The Texas Heartbeat Act, also known as SB8, bans abortions in the state if a fetal heartbeat is detected. This can be as early as six weeks into a pregnancy and before some people realize they’re pregnant. 

The law, which took effect on Tuesday, overrules the constitutional right to abortion that was laid out in Roe v. Wade protection.

Jessica Shepherd, MD, Verywell’s chief medical officer and a Texas-based OB-GYN, says the law is both unprecedented and controversial.

“This is probably one of the most severe restrictions that has been put on abortions,” Shepherd says.
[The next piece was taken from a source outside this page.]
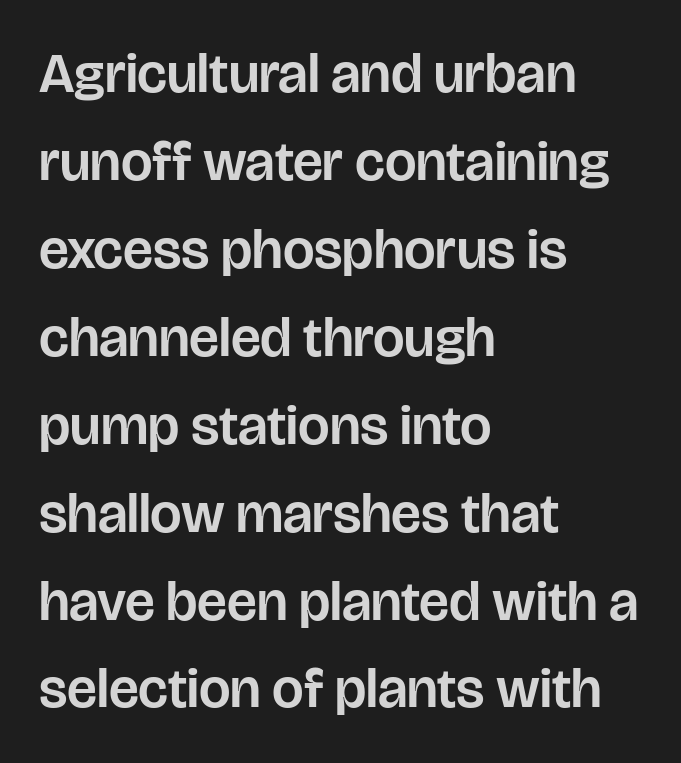
A bare baseline throughout the passage. Regarding leading, the lines here are spaced in the standard way. Characters follow at the spacing the type designer built in. Stroke terminals: plain, sans-serif.

It takes an average of 5.5 weeks for people to become aware that they’re pregnant, while 23% of people do not detect the pregnancy for seven weeks or more. Anywhere between five and seven weeks can be a normal time to detect a pregnancy, Shepherd adds. 

“There’s a very short window for someone to realize that they’re pregnant and then be able to take the actions necessary about what they would like to do with that pregnancy,” Shepherd says.

The restriction can affect everyone, Shepherd adds, and not limited to those who are considering an abortion.

“It does touch more than just the people who go through the decision-making process,” she says. “People who are close to us in our lives may need this type of health care in the future and we have to be willing to support those people.”

While the new law’s impact is broad, vulnerable groups will carry a disproportionate burden, she adds. A 2018 study found that Black and Hispanic women, younger women, and lower income people are more likely to have a late pregnancy detection.

“Many people don’t have that ability to make that trip or to get to that area where they can get the help they need,” Shepherd says.

The Texas law allows citizens to collect a $10,000 reward if they won a lawsuit against people who perform an abortion after detection of an unborn child's heartbeat or those who offer help. Despite heavy backlash from pro-choice advocates, the ban could set a precedent for other states looking to overturn Roe v. Wade. The Supreme Court will review a Mississippi law that bans abortions after 15 weeks, which may threaten to curb reproductive rights in the country.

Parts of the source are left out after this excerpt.